Los Sueños Mexicanos

Mexican-American migrants felt a keen allegiance to the United States. When Tipica orchestras performed in El Paso, they "also played the 'Eyes of Texas' and 'America'. One hundred and forty Mexican-American children sang 'Yankee Doodle' and 'Dixie' to the accompaniment of the Tipica orchestra." (Bindas, pg. 102) Dorothea Lange's photograph of the Mexican-American mother and her baby led me to realise something: most of the second generation of Mexican-Americans had never even seen Mexico, much less lived there, and so when local governments offered migrant families to 'repatriate' them in Mexico, the children would more often than not be the first to clamour out, the children most in touch with America. (Lange) 

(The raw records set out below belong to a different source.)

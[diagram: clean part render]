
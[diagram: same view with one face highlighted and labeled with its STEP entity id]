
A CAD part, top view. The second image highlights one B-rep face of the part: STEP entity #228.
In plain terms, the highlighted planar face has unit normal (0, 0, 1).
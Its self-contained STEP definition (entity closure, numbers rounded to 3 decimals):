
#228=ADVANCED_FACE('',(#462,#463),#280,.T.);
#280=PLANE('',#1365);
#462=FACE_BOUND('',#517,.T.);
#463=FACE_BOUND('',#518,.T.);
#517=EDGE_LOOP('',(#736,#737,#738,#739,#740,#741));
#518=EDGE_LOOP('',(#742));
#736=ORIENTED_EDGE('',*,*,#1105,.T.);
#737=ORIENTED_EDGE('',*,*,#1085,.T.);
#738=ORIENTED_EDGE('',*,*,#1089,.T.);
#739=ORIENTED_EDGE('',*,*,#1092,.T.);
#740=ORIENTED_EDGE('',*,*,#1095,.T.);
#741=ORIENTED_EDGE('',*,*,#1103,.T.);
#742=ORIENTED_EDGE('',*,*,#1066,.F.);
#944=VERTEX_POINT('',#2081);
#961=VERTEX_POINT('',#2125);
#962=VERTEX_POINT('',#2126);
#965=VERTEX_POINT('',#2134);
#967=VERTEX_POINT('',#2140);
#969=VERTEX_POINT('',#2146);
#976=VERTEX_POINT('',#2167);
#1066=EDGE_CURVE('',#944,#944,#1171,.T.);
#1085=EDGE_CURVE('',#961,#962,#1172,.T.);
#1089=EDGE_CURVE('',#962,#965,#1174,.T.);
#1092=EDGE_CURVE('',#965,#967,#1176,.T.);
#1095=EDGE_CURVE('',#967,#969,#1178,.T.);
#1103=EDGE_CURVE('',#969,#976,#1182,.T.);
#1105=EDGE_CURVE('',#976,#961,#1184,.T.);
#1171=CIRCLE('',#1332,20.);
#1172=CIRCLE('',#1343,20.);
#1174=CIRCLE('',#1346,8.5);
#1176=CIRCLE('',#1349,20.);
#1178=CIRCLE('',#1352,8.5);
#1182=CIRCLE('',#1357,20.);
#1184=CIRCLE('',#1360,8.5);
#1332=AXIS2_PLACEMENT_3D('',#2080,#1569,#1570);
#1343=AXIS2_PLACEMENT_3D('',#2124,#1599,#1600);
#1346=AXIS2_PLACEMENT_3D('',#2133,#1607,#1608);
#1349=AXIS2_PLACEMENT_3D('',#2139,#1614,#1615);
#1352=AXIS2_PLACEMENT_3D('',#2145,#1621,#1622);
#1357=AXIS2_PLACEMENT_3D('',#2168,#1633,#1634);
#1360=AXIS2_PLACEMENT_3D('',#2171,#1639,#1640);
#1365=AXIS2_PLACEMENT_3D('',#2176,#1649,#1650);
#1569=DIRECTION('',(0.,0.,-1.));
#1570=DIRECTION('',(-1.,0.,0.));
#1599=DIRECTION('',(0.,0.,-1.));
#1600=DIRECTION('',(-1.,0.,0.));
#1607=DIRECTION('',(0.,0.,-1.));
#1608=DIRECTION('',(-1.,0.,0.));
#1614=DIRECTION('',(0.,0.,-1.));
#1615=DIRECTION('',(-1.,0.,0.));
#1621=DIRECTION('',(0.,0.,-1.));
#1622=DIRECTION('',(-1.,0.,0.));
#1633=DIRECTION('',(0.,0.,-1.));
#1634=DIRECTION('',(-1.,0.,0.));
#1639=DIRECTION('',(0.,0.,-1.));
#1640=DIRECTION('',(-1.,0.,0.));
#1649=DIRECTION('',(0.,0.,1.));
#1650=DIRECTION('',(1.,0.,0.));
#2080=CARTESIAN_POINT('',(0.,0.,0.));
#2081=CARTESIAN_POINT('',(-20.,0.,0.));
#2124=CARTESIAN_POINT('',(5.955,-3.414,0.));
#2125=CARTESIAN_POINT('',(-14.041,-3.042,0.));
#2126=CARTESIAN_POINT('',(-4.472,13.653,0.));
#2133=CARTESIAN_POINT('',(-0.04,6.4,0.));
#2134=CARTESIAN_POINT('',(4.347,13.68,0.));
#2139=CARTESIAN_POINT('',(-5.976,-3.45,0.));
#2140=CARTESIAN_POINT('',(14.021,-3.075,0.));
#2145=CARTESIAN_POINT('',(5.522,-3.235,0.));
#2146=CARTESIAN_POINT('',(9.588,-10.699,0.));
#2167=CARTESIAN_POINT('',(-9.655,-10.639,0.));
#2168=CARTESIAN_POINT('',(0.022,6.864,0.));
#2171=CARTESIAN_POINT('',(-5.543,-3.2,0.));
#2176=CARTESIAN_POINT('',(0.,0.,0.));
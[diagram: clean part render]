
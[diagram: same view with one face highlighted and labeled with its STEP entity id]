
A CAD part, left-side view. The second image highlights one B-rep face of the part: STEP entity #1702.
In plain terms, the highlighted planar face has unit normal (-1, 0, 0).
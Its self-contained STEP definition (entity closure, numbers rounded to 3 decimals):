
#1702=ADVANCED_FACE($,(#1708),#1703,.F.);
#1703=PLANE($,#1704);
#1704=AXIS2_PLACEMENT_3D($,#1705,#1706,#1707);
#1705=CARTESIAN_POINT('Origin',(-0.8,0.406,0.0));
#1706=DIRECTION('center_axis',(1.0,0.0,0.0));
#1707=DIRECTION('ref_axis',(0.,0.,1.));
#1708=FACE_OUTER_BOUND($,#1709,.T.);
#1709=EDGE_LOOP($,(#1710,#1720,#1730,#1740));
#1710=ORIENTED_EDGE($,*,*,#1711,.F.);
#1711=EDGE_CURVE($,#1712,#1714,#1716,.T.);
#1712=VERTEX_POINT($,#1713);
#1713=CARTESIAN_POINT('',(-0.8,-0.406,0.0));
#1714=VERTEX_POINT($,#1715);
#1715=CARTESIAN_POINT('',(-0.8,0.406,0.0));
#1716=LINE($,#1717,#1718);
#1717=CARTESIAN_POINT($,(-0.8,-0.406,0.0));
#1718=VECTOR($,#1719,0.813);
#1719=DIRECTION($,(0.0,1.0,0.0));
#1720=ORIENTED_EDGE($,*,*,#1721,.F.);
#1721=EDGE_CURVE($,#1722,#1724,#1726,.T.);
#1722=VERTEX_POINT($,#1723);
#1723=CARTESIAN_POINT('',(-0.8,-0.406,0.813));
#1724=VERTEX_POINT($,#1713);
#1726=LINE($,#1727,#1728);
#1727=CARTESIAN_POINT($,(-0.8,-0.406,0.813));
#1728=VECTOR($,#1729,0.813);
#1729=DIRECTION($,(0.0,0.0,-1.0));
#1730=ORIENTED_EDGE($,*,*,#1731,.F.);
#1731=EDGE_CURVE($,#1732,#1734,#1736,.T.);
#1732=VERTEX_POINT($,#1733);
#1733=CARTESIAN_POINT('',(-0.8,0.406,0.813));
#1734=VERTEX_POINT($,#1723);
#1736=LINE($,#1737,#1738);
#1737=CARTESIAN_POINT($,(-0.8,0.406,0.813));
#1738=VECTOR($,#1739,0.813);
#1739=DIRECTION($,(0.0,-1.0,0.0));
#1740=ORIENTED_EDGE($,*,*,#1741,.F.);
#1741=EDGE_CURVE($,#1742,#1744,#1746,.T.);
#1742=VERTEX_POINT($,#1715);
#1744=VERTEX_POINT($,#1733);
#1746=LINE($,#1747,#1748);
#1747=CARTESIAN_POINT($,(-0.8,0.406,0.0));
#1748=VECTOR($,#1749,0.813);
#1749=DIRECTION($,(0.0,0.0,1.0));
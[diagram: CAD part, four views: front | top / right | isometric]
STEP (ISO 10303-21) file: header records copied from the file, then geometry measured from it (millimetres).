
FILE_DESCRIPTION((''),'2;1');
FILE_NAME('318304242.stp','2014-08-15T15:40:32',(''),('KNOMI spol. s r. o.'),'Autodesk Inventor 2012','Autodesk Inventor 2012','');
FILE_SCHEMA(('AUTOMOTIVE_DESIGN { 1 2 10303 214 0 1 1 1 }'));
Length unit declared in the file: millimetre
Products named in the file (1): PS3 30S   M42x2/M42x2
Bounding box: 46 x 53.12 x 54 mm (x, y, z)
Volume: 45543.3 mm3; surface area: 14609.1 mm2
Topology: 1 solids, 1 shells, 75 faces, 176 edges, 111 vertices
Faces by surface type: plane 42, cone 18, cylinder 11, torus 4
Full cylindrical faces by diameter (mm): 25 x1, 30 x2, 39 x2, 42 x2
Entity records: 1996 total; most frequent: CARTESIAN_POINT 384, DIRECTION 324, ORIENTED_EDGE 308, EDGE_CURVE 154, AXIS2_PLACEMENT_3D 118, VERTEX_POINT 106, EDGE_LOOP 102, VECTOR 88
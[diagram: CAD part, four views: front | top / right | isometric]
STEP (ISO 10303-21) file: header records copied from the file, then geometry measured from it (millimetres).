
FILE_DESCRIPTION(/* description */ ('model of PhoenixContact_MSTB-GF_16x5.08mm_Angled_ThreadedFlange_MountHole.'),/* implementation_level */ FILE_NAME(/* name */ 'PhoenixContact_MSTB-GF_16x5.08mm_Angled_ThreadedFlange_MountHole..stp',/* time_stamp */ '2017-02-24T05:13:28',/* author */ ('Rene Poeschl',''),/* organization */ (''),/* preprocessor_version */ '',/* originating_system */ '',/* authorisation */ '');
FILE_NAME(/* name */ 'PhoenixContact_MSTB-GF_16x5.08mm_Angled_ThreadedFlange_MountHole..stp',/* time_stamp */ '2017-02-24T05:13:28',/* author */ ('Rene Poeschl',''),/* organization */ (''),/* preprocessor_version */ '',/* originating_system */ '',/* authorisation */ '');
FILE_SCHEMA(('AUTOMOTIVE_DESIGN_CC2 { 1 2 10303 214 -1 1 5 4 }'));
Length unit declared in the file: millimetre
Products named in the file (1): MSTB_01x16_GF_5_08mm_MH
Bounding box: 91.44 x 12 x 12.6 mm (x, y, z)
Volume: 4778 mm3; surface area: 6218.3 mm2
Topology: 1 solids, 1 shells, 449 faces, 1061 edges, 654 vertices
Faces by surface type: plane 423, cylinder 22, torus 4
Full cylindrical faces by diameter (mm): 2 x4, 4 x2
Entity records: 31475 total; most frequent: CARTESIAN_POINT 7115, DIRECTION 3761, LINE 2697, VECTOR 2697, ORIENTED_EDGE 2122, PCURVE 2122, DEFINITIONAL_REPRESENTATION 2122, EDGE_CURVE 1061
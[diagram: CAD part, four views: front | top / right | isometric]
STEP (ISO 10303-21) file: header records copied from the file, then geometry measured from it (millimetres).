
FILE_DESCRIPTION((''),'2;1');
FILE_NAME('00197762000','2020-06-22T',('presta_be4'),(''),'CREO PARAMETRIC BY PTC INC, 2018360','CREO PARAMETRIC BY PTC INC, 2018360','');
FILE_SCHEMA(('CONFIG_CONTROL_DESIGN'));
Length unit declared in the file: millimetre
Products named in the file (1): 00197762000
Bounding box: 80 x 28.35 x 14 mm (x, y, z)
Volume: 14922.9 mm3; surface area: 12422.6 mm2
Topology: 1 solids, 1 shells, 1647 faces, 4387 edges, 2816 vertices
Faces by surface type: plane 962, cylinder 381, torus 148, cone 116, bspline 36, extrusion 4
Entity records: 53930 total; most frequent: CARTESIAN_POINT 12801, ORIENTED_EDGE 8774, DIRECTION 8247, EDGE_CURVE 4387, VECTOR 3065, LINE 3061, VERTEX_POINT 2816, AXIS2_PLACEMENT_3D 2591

The goal most Mexican-American families strove for was to own a car, using their profits from seasonal harvests to make their first payment on a car. Their Mexican identity was important to them-- but American technology and consumerism, participating in the rites of their adopted country, mattered a great deal also. Adolescent Mexican-American youths in the Midwest and beyond exuberantly threw themselves into American traditions, "thoroughly Americanized and [having] retained few of the Mexican customs." (Lee) This lead to a deepening culture divide between first-generation migrants and second-generation migrants.